START Information supplied

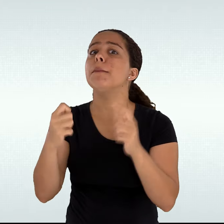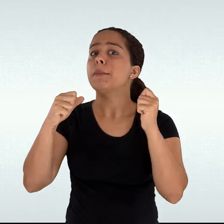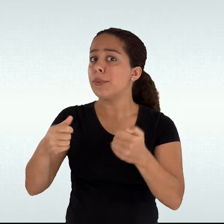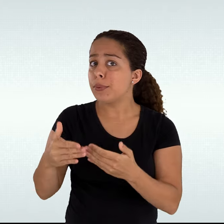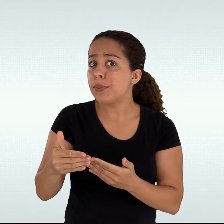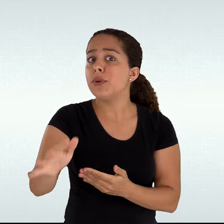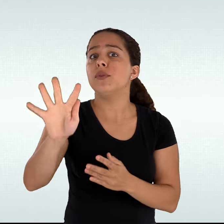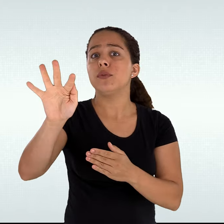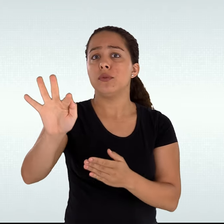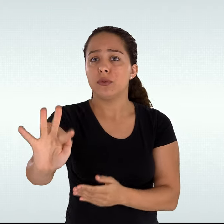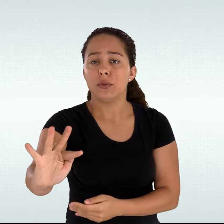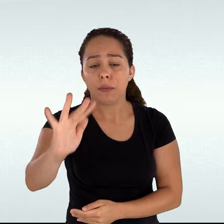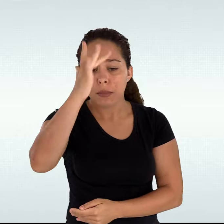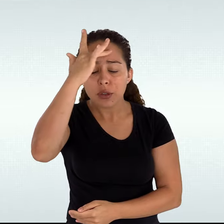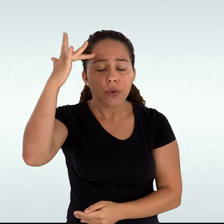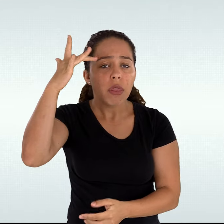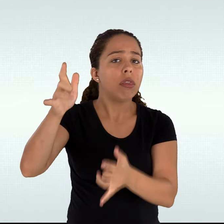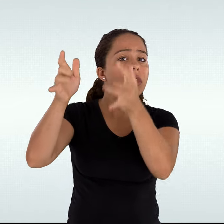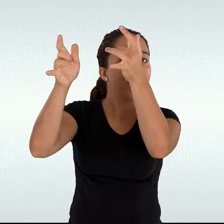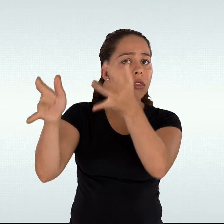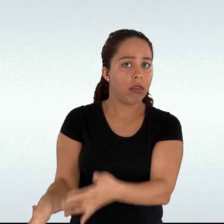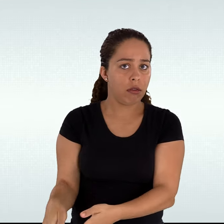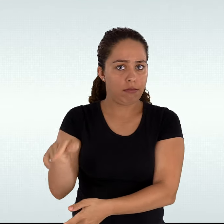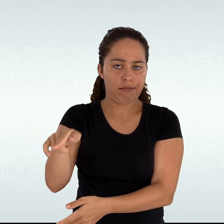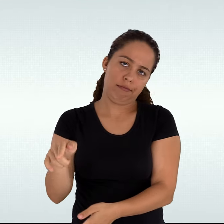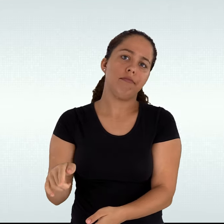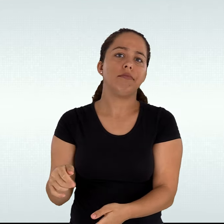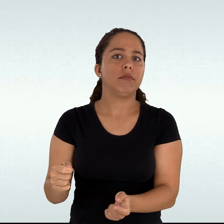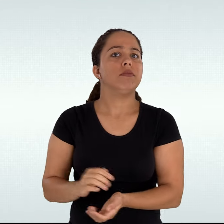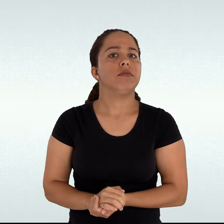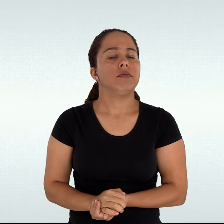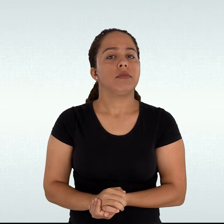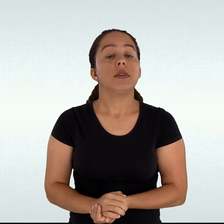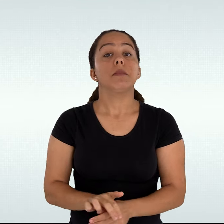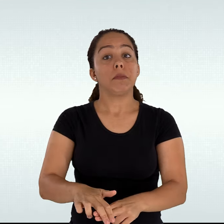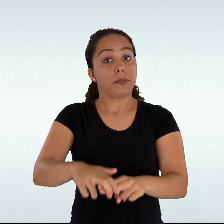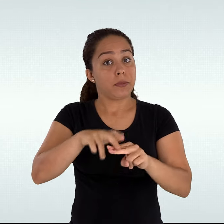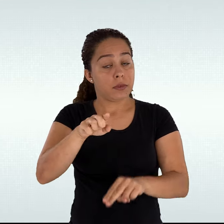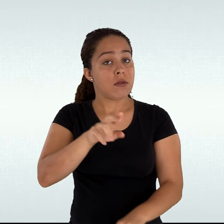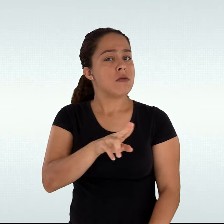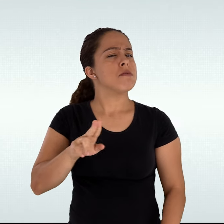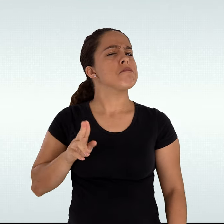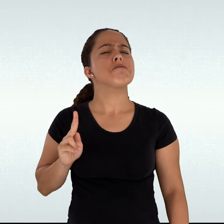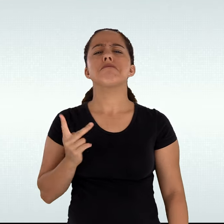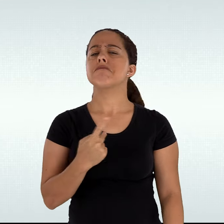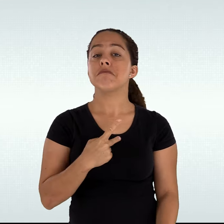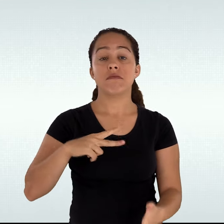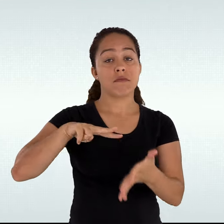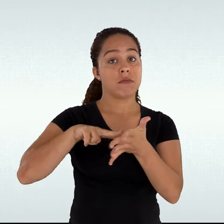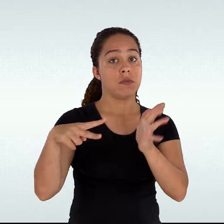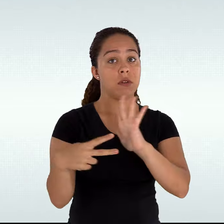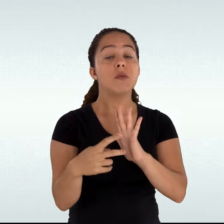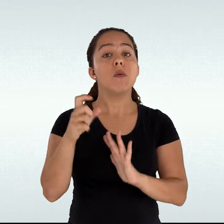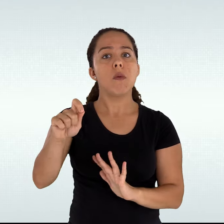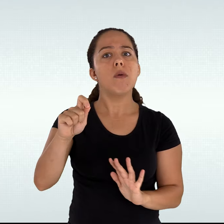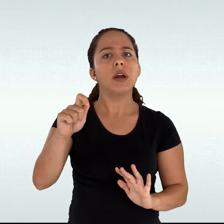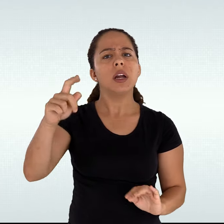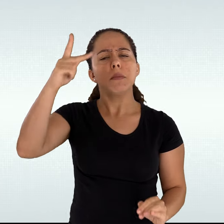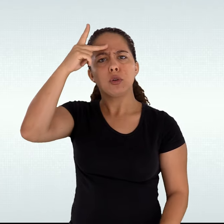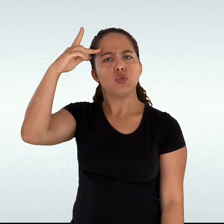e retenção deste público. Nesse sentido, o uso do nome social tem o potencial de promover a
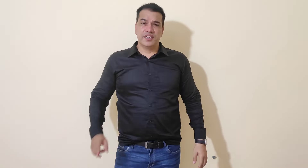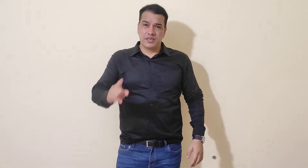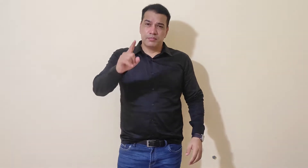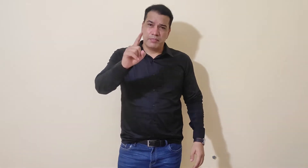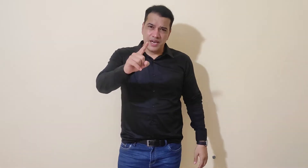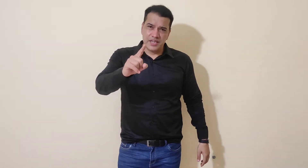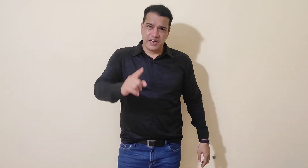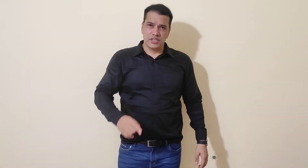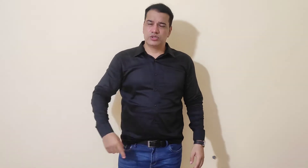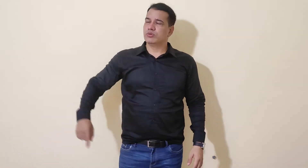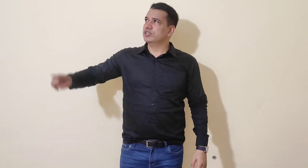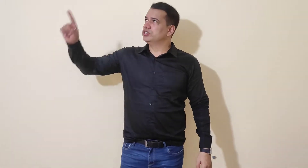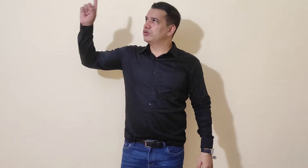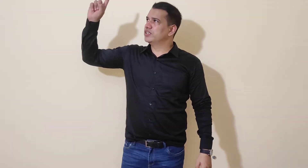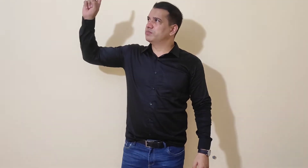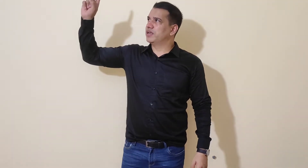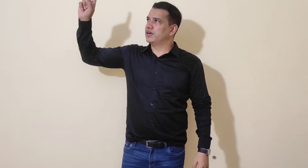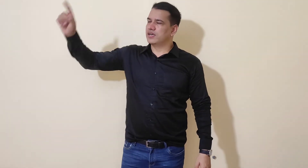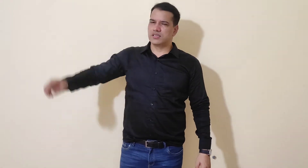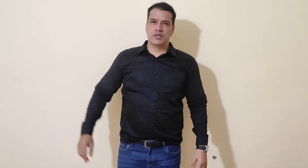बुड़ापे से पहले गये तो इंशोरेंस बनेगा नाथ,
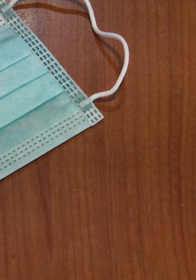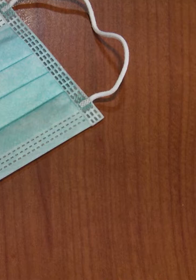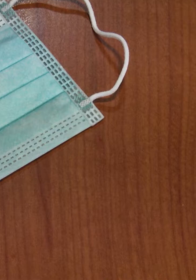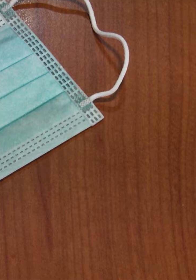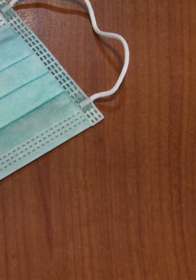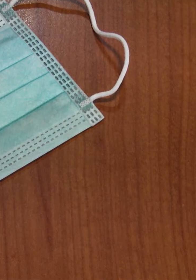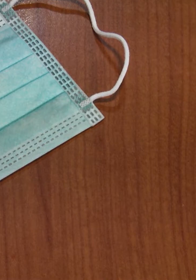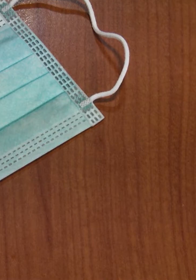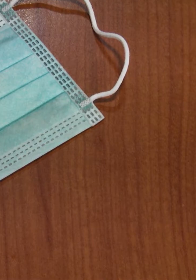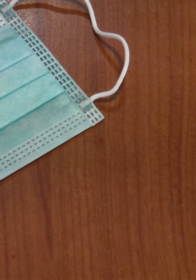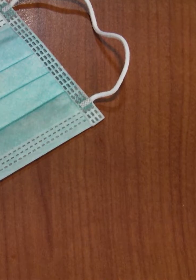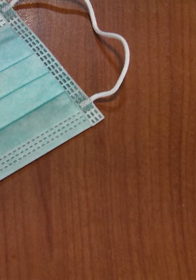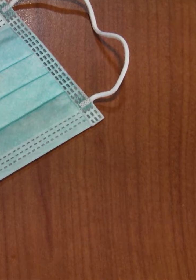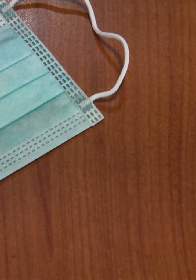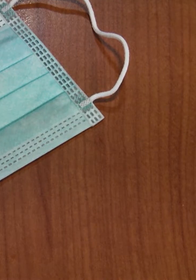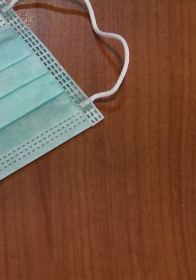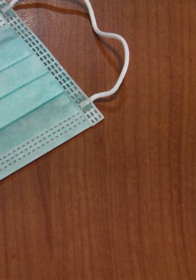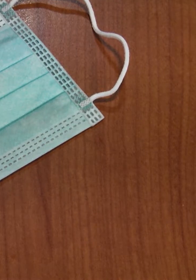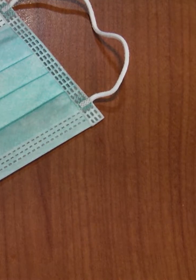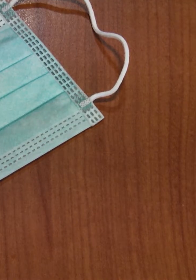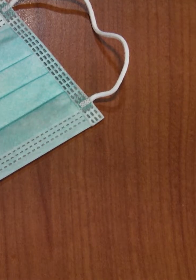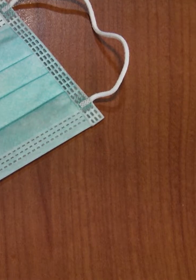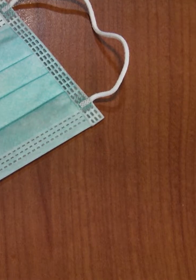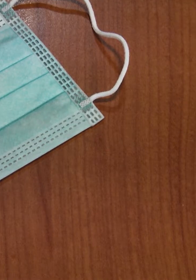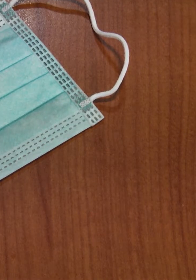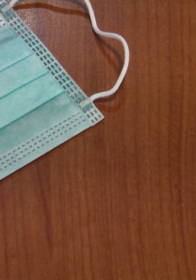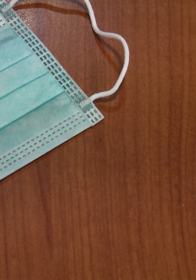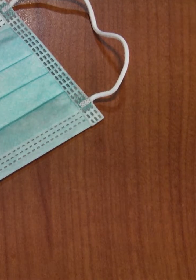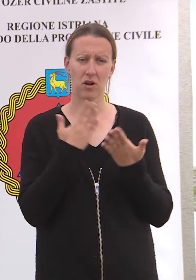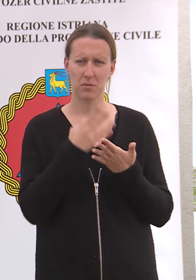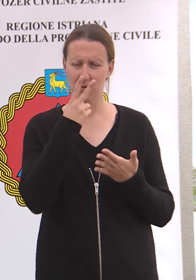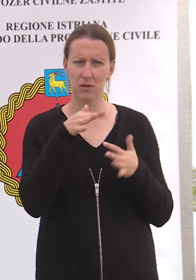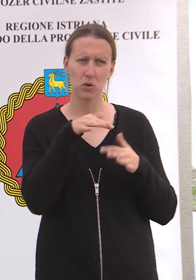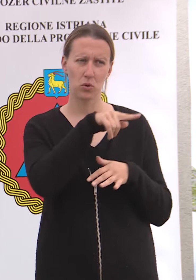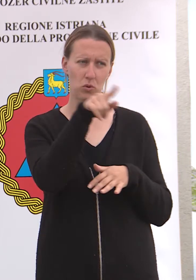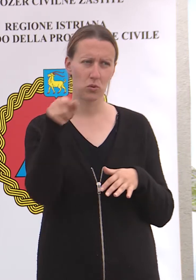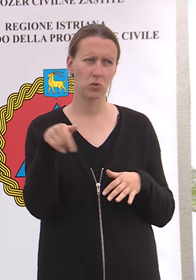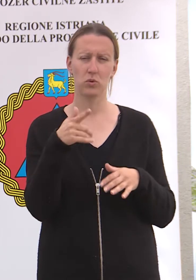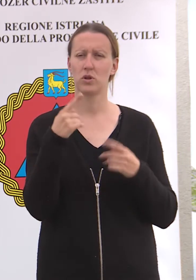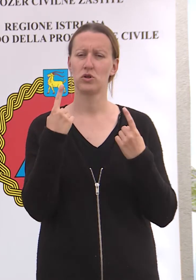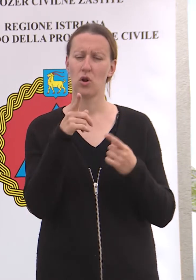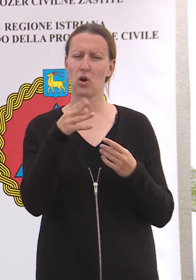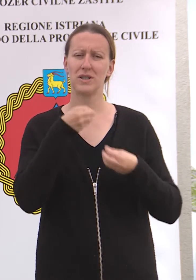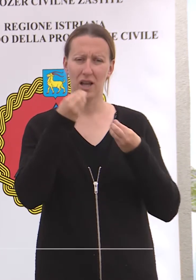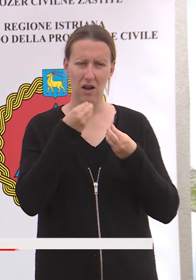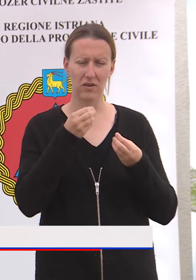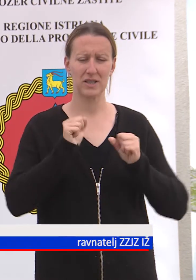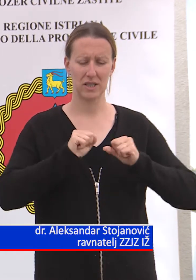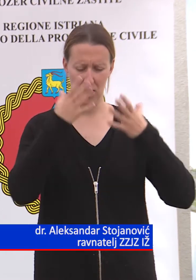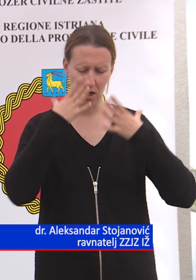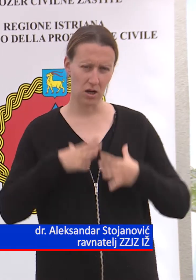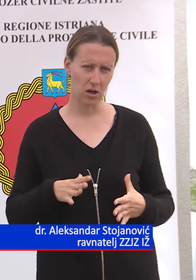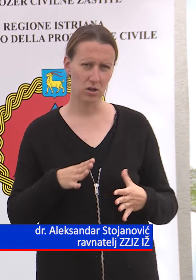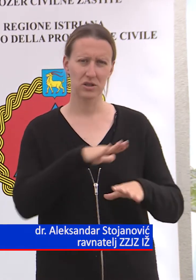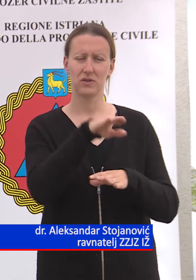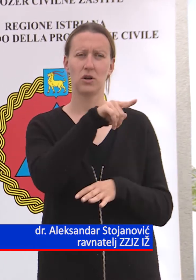epidemioloških promjena vezanih za mjere. Zahvalio bi vidim građane, znači ostaje one preporuke osobne zaštite,

END Information supplied

What the exercise asks:
Copy out the material above in full and exactly, but with no pictures.

Reply:
e retenção deste público. Nesse sentido, o uso do nome social tem o potencial de promover a
बुड़ापे से पहले गये तो इंशोरेंस बनेगा नाथ,
epidemioloških promjena vezanih za mjere. Zahvalio bi vidim građane, znači ostaje one preporuke osobne zaštite,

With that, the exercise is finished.